Altogether, fiber bundles provide a novel method for investigating MuSC quiescence and the stem cell niche using standard immunofluorescence and microscopy techniques. In future studies, this technique will also enable the thorough investigation of transcriptional, translational, and post‐translational characteristics of quiescent MuSCs and other niche cell types.

Critical Parameters

Special attention should be paid when handling unfixed EDL muscles. Only handle muscles on the tendons, as touching the fibers may damage them and lead to contraction. To ensure proper hardening, prepare your Sylgard dish at least 3 days before use.

Troubleshooting

Table 1 lists problems that may arise with these methods along with their possible causes and solutions.

Table 1

Troubleshooting Guide for Visualization of the Skeletal Muscle Stem Cell Niche in Fiber Bundles

Problem	Possible cause	Solution
High background in the Pax7 staining	Secondary anti−mouse IgG binds to endogenous antigens in the tissue	Use a more specific anti‐mouse IgG1 secondary antibody
Weak Pax7 signal	The Pax7 antibody is hybridoma derived and can vary in concentration	Use a higher Pax7 antibody concentration or enhance the signal using biotinylated secondary antibodies and Alexa Fluor−coupled streptavidin.
Poor overall staining	Permeabilization was insufficient	Permeabilize longer
Staining diffuse	Antibodies cross‐react with unspecific antigens	Determine the background using isotype IgG controls and omission of the primary antibody. If necessary, use different antibodies.
Double labeling is unspecific	Cross‐reactivity of primary or secondary antibodies	Compare to single stainings of the respective antigens. If necessary, use different antibodies.
Sample difficult to analyze	Teasing is insufficient and too many fibers overlap in the bundles	Tease smaller bundles

Understanding Results

Depending on the objective of the experiment, MuSCs or other cell types located sideways or on top of the muscle fibers in the mounted sample are preferable for analysis. To avoid interference with background originating from the muscle fiber, quantifications requiring immunofluorescence intensity analysis are ideally performed with cells located sideways. To investigate morphological characteristics of MuSCs such as cytoskeletal protrusions, cells located on top of the muscle fiber are preferable.
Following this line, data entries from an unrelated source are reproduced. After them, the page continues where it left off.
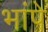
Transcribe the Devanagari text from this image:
भांपे
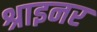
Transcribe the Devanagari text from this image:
श्राइनर
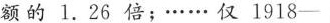
额的1.26倍；……仅1918——
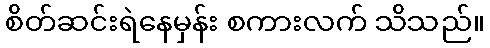
စိတ်ဆင်းရဲနေမှန်း စကားလက် သိသည်။
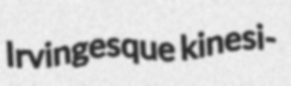
Irvingesque kinesi-
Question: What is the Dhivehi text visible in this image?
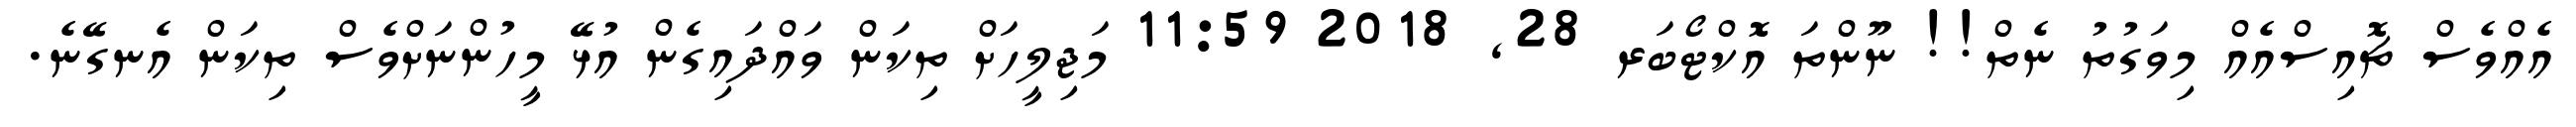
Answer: އެއްވެސް ޗޮއިސްއެއް މިވަގުތު ނެތް!! ނޫންތަ އޮކްޓޯބަރ 28, 2018 11:59 މަޖިލީހަށް ތިކަން ވައްދައިގެން އުޅޭ މީހުންނަށްވެސް ތިކަން އެނގޭނެ.
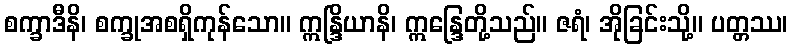
စက္ခာဒီနိ၊ စက္ခုအစရှိကုန်သော။ ဣန္ဒြိယာနိ၊ ဣန္ဒြေတို့သည်။ ဇရံ၊ အိုခြင်းသို့။ ပတ္တဿ၊
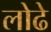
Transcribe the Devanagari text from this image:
लोढे
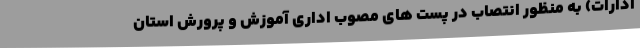
ادارات) به منظور انتصاب در پست های مصوب اداری آموزش و پرورش استان
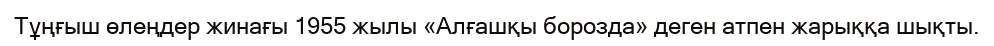
Тұңғыш өлеңдер жинағы 1955 жылы «Алғашқы борозда» деген атпен жарыққа шықты.
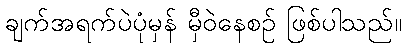
ချက်အရက်ပဲပုံမှန် မှီဝဲနေစဉ် ဖြစ်ပါသည်။

In order to analyze distances between different cell types in the MuSC niche, nuclei should be located in the same z‐plane. Thus, confocal microscopy is ideally suited for imaging of MIFBs. We demonstrate that MuSCs and FAPs or endothelial cells can be co‐visualized using our protocol (Fig. 5C and 5D). Similarly, macrophages, neutrophils, or fibroblasts, among others, can readily be visualized using the appropriate markers. Moreover, we have successfully used the fiber bundle protocol with skeletal muscles ≥5 days post cardiotoxin injury when newly formed muscle fibers have been established and allow for teasing.

Time Considerations

The muscle fiber bundle isolation approximately takes 1 hr per animal. Immunofluorescence staining of the muscle fiber bundles takes 2 consecutive days. Preparation of the Sylgard dish takes 3 consecutive days.

Author Contributions

S.D., S.C.S., and C.F.B adapted the MIFB method for visualization of the MuSC niche. All authors contributed to manuscript preparation.
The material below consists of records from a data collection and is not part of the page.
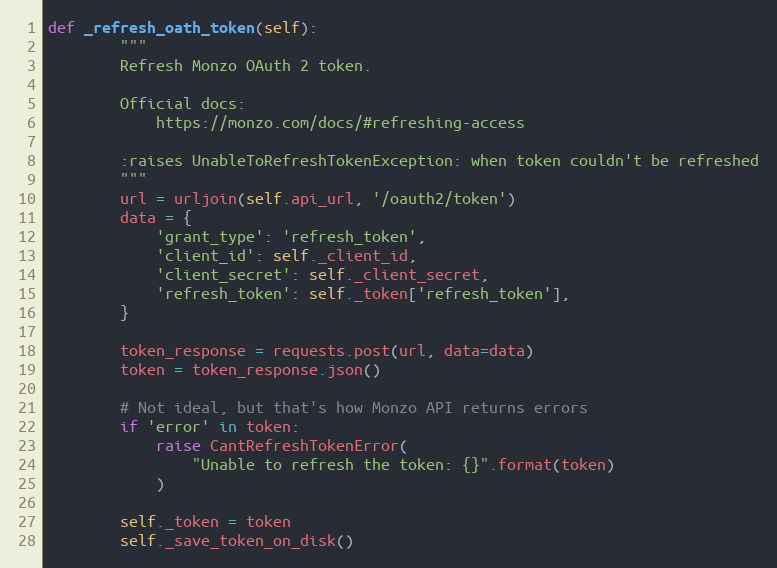
Language: Python
def _refresh_oath_token(self):
        """
        Refresh Monzo OAuth 2 token.

        Official docs:
            https://monzo.com/docs/#refreshing-access

        :raises UnableToRefreshTokenException: when token couldn't be refreshed
        """
        url = urljoin(self.api_url, '/oauth2/token')
        data = {
            'grant_type': 'refresh_token',
            'client_id': self._client_id,
            'client_secret': self._client_secret,
            'refresh_token': self._token['refresh_token'],
        }

        token_response = requests.post(url, data=data)
        token = token_response.json()

        # Not ideal, but that's how Monzo API returns errors
        if 'error' in token:
            raise CantRefreshTokenError(
                "Unable to refresh the token: {}".format(token)
            )

        self._token = token
        self._save_token_on_disk()
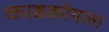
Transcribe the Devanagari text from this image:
काष्ठकोयला
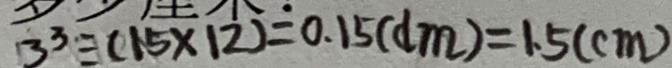
3 ^ { 3 } = ( 1 5 \times 1 2 ) = 0 . 1 5 ( d m ) = 1 . 5 ( c m )
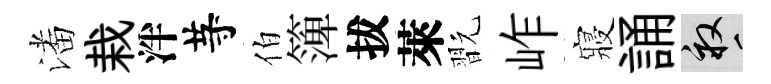
潘栽泮䒭伯𥱼拔萊翫岞寢誦畝
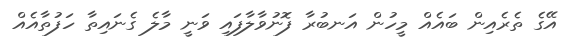
އޭގެ ތެރެއިން ބައެއް މީހުން އަނބުރާ ފޮނުވާލާފައި ވަނީ މާލެ ގެނައިތާ ހަފުތާއެއް
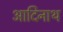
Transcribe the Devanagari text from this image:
आदिनाथ्‍ा
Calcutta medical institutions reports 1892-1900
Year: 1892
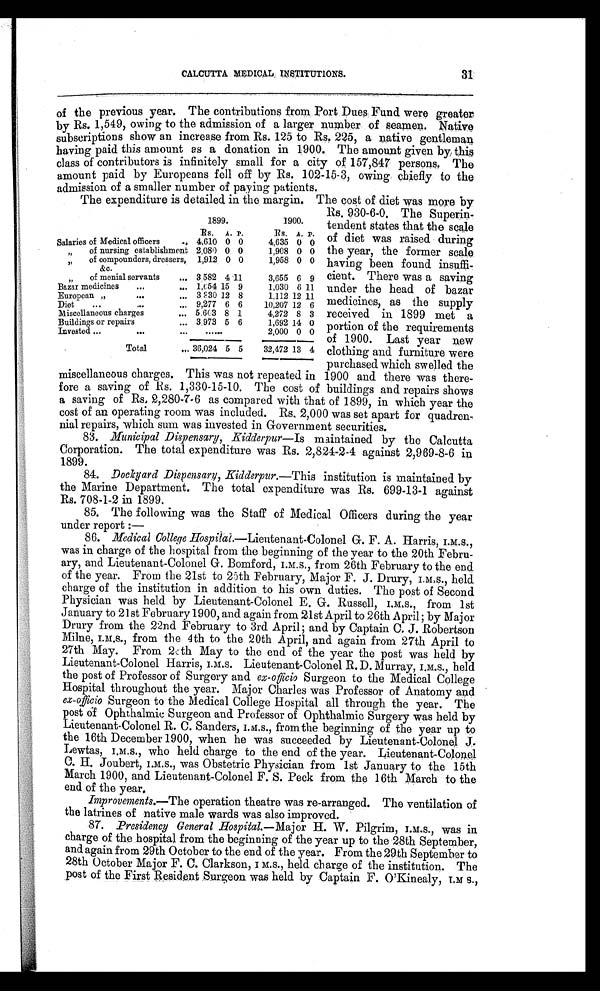
CALCUTTA MEDICAL INSTITUTIONS.
31
of the previous year. The contributions from Port Dues Fund were greater
by Rs. 1,549, owing to the admission of a larger number of seamen. Native
subscriptions show an increase from Rs. 125 to Rs. 225, a native gentleman
having paid this amount as a donation in 1900. The amount given by this
class of contributors is infinitely small for a city of 157,847 persons. The
amount paid by Europeans fell off by Rs. 102-15-3, owing chiefly to the
Admission of a smaller number of paying patients.
The expenditure is detailed in the margin. The cost of diet was more by
1899.
1900.
RS. A. P.
Rs. A. P.
Salaries of Medical officers
.. 4,610 0 0
4,635 0 0
" of nursing establishment 2,080 0 0
1,908 0 0
of compounders, dressers,
&c.
1,912 0 0
1,958 0 0
" of menial servants
... 3,582 4 11
3,655 6 9
Bazar medicines ...
... 1,654 15 9
1,030 6 11
European "
...
... 3 330 12 8
1,112 12 11
Diet
...
...
... 9,277 6 6
10,207 12 6
Miscellaneous charges
... 5,603 8 1
4,272 8 3
Buildings or repairs
... 3,973 5 6
1,692 14 0
Invested ...
...
... ......
2,000 0 0
Total
... 36,024 5 5
32,472 13 4
Rs. 930-6-0. The Superin
-tendent states that the scale
of diet was raised during
the year, the former scale
having been found insuffi
-
cient. There was a saving
under the head of bazar
medicines, as the supply
received in 1899 met a
portion of the requirements
of 1900. Last year new
clothing and furniture were
purchased whih swell
ed the
miscellaneous charges. This was not repeated in 1900 and there was there
-
fore a saving of Rs. 1,330-15-10. The cost of buildings and repairs shows
a saving of Rs. 2,280-7-6 as compared with that of 1899, in which year the
cost of an operating room was included. Rs. 2,000 was set apart for quadren
-
nial repairs, which sum was invested in Government securities.
83. Municipal Dispensary, Kidderpur —Is maintained by the Calcutta
Corporation. The total expenditure was Rs. 2,824-2-4 against 2,969-8-6 in
1899.
84.
Dockyard Dispensary, Kidderpur .—This institution is maintained by
the Marine Department. The total expenditure was Rs. 699-13-1 against
Rs. 708-1-2 in 1899.
85. The following was the Staff of Medical Officers during the year
under report :
—
86.
Medical College Hospital.—Lieutenant-Colonel G. F. A. Harris, I.M.S.,
was in charge of the hospital from the beginning of the year to the 20th Febru
-
ary, and Lieutenant-Colonel G. Bomford, I.M.S., from 26th February to the end
of the year. From the 21st to 25th February, Major F. J. Drury, I.M.S., held
charge of the institution in addition to his own duties. The post of Second
Physician was held by Lieutenant-Colonel E. G. Russell, I.M.S., from 1st
January to 21st February 1900, and again from 21st April to 26th April ; by Major
Drury from the 22nd February to 3rd April ; and by Captain C. J. Robertson
Milne, I.M.S., from the 4th to the 20th April, and again from 27th April to
27th May. From 28th May to the end of the year the post was held by
Lieutenant-Colonel Harris, I.M.S. Lieutenant-Colonel R. D. Murray, I.M.S., held
the post of Professor of Surgery and ex-officio Surgeon to the Medical College
Hospital throughout the year. Major Charles was Professor of Anatomy and
ex-officio Surgeon to the Medical College Hospital all through the year. The
post of Ophthalmic Surgeon and Professor of Ophthalmic Surgery was held by
Lieutenant-Colonel R. C. Sanders, I.M.S., from the beginning of the year up to
the 16th December 1900, when he was succeeded by Lieutenant-Colonel J.
Lewtas, I.M.S., who held charge to the end of the year. Lieutenant-Colonel
C. H. Joubert, I.M.S., was Obstetric Physician from 1st January to the 15th
March 1900, and Lieutenant-Colonel F. S. Peck from the 16th March to the
end of the year.
Improvements.—The operation theatre was re-arranged. The ventilation of
the latrines of native male wards was also improved.
87.
Presidency General Hospital. —Major H. W. Pilgrim, I.M.S., was in
charge of the hospital from the beginning of the year up to the 28th September,
and again from 29th October to the end of the year. From the 29th September to
28th October Major F. C. Clarkson, I.M.S., held charge of the institution. The
post of the First Resident Surgeon was held by Captain F. O'Kinealy, I.M S.,

Svenja C. Schüler: investigation, methodology, writing original draft, writing review and editing; Simon Dumontier: investigation, methodology, writing original draft, writing review and editing; Jonathan Rigaux: investigation, methodology, writing original draft, writing review and editing; C. Florian Bentzinger: conceptualization, funding acquisition, investigation, methodology, project administration, supervision, writing original draft, writing review and editing.

Conflict of Interest

The authors declare no conflict of interest.